SEMBILAN BELAS

1.1K 211 41
                                    

Tanisha memerhatikan Renan yang begitu telaten merawat luka baru pada pergelangan tangan kanannya. Terkadang ia akan meringis dan Renan akan menjadi sangat terkejut serta khawatir. Namun Renan tak berkata apa-apa dan tetap diam saja yang menbuat Tanisha menjadi risih sendiri. Dia tidak terbiasa melihat Renan menjadi pendiam seperti sekarang.
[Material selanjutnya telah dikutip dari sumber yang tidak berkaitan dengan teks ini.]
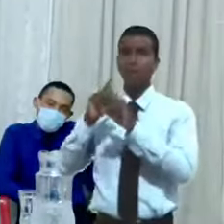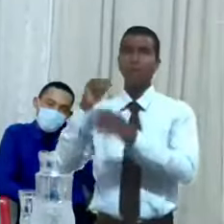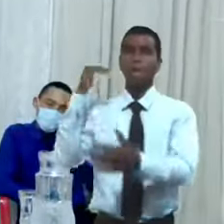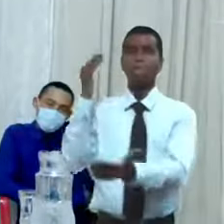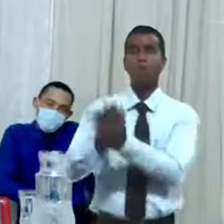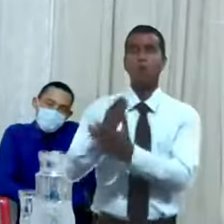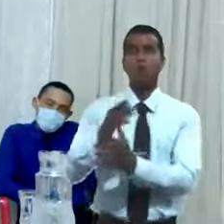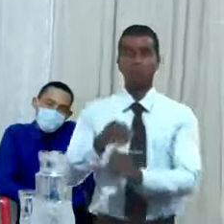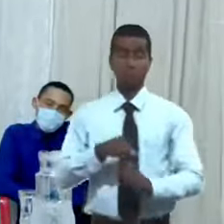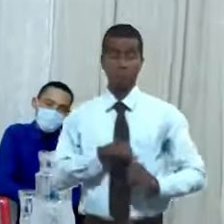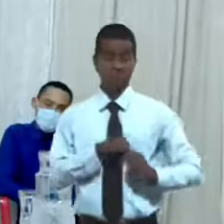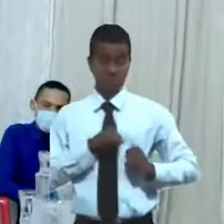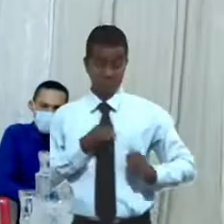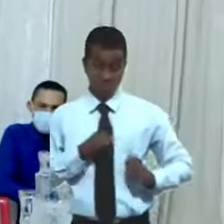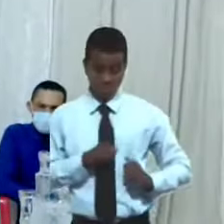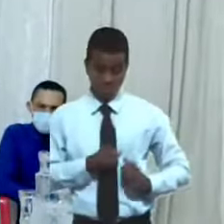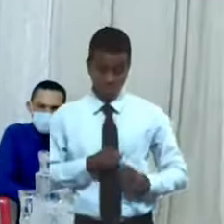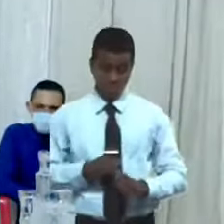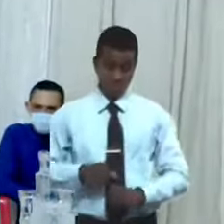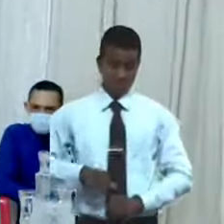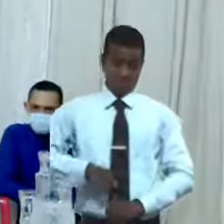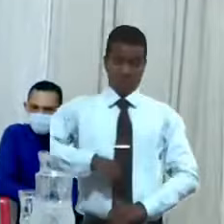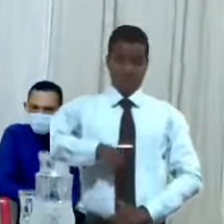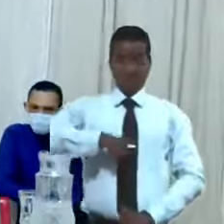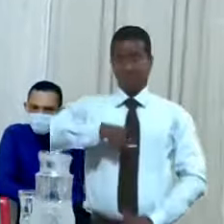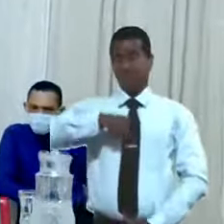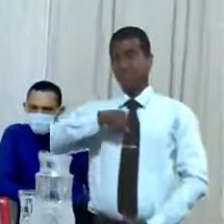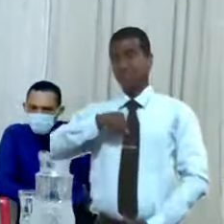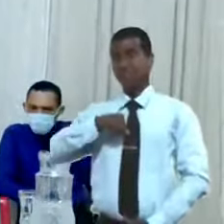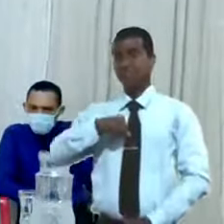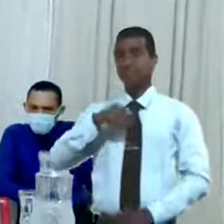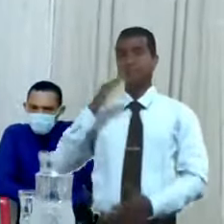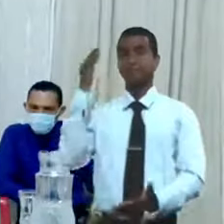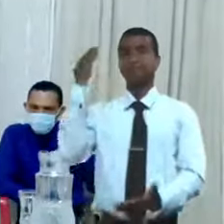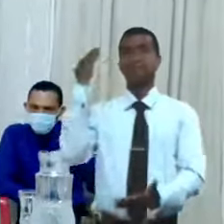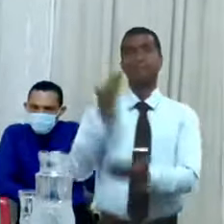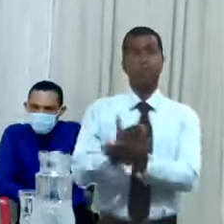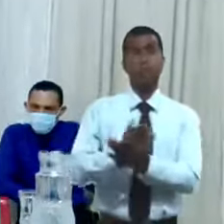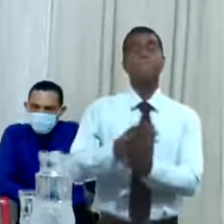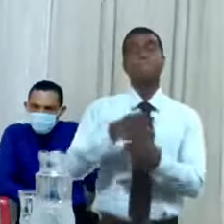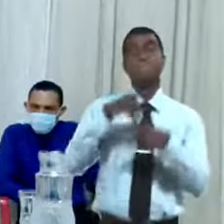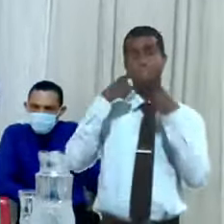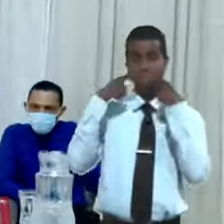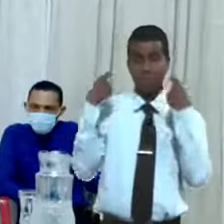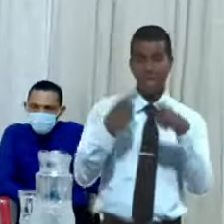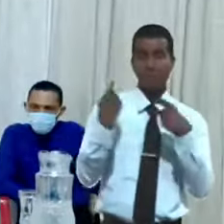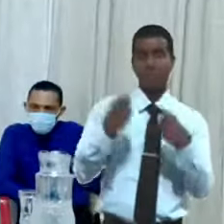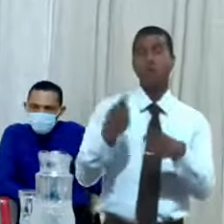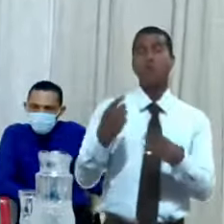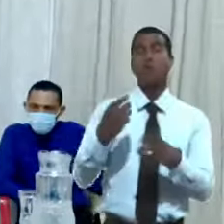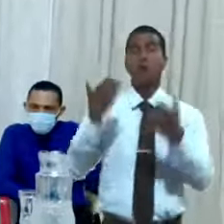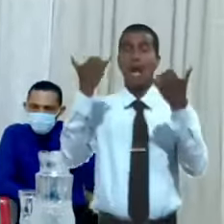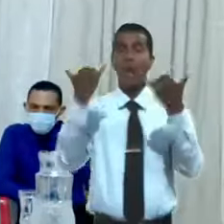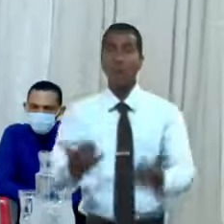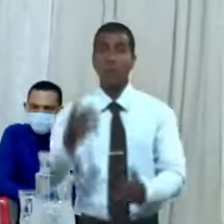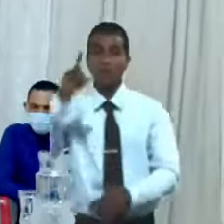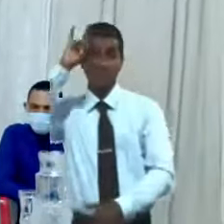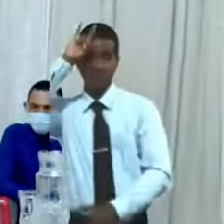contrataciones se volvió arrogante y pecó contra Dios y eso es lo que el diablo quiere sembrar en el corazón de los hombres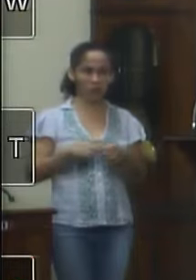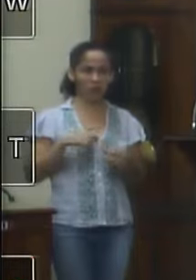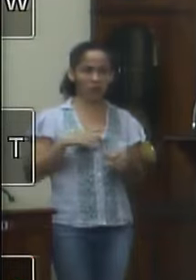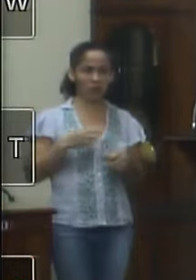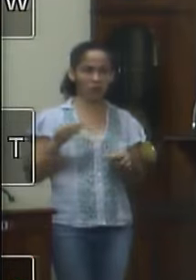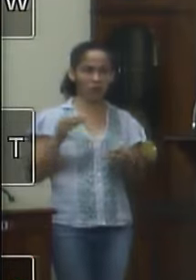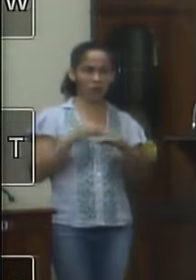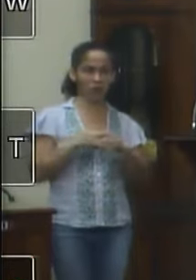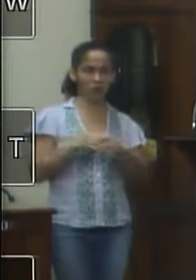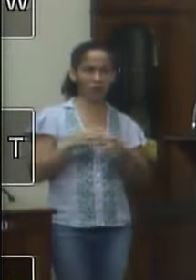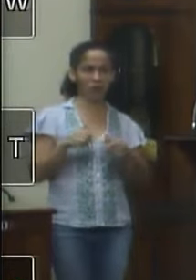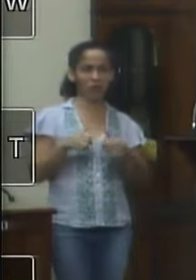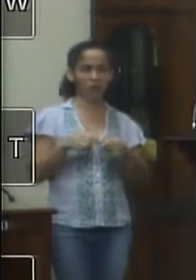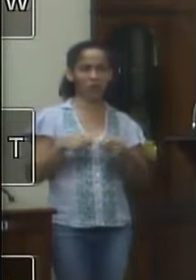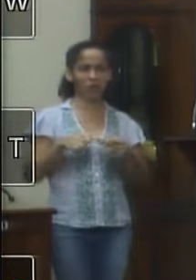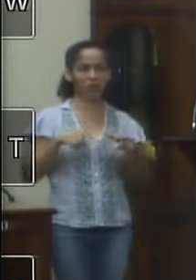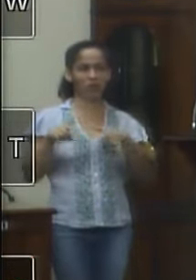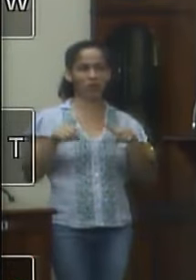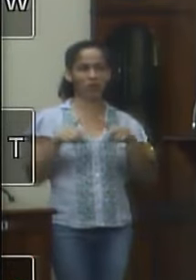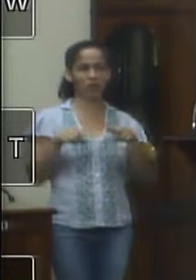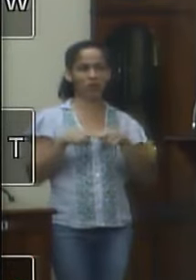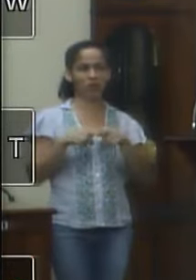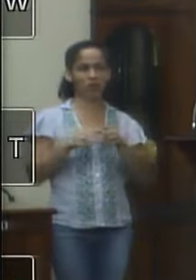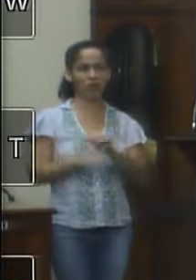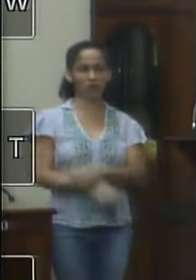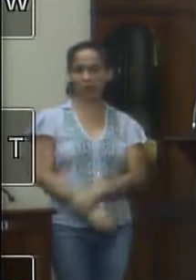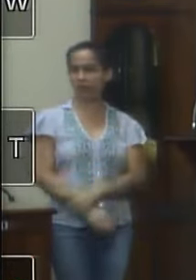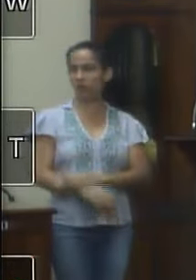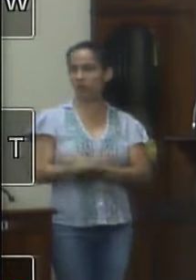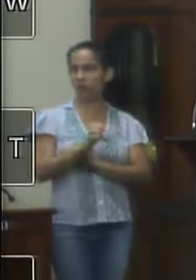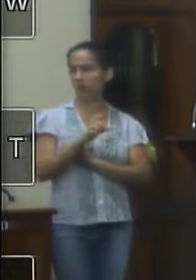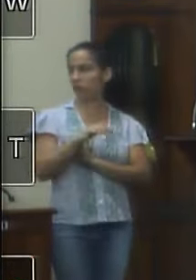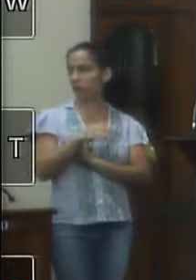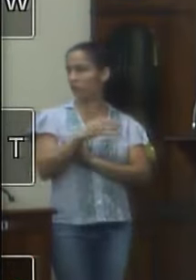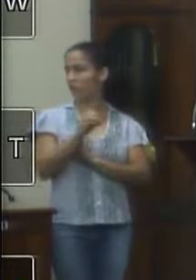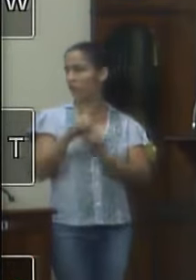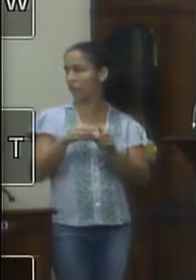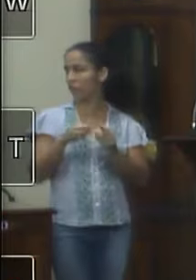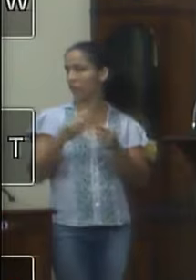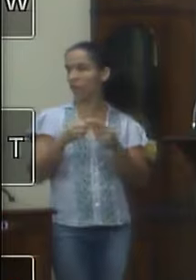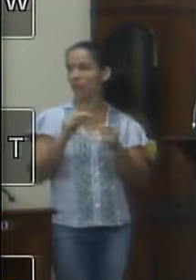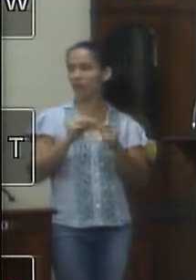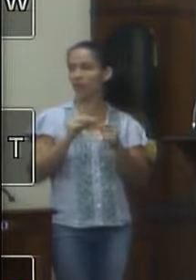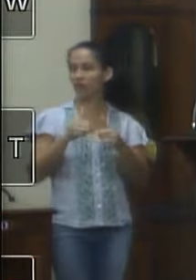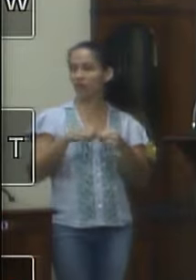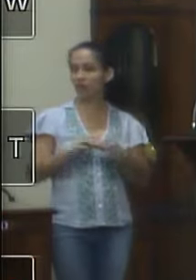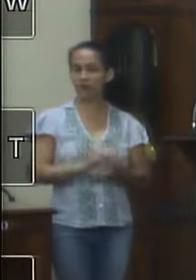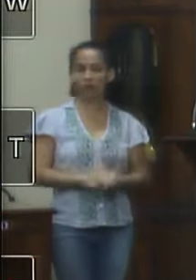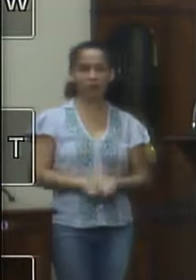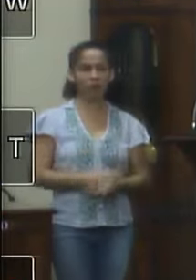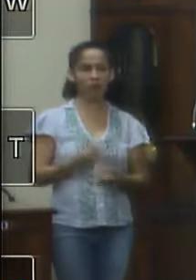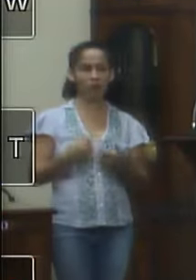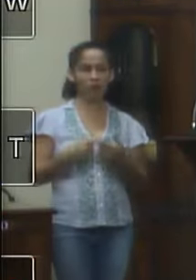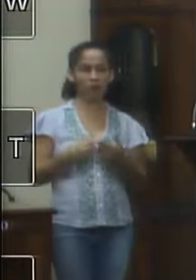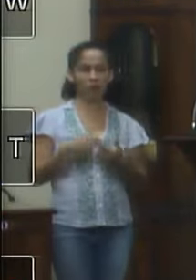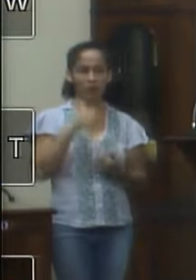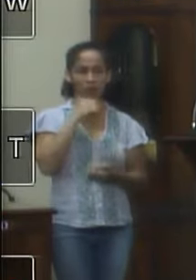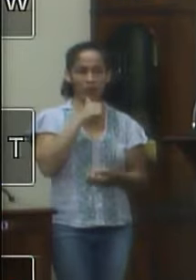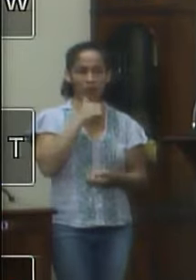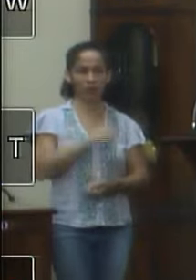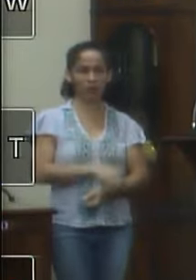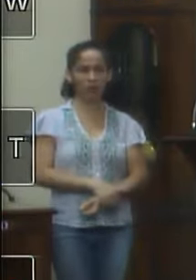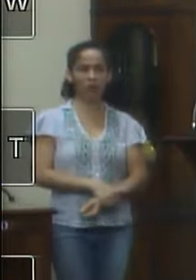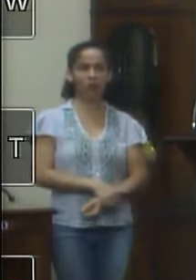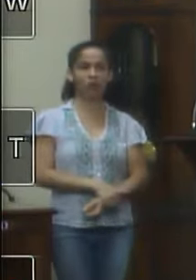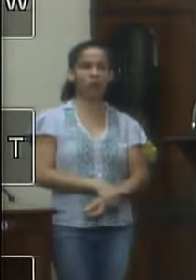eleição por que que a gente trabalha por que que a gente é eleito o que que a gente está fazendo aqui porque se essa pessoa

"Aduh!" Dia meringis lagi dengan sengaja padahal gerakan Renan begitu lembut sehingga tak mungkin membuatnya merasa sakit. Renan menatap padanya dengan kekhawatiran yang menggelap di dalam kedua bola matanya. Ia berharap Renan mengatakan sesuatu seperti maaf atau bertanya bagian mana yang terasa sakit tapi pria itu tetap diam dan kembali melanjutkan pekerjaannya.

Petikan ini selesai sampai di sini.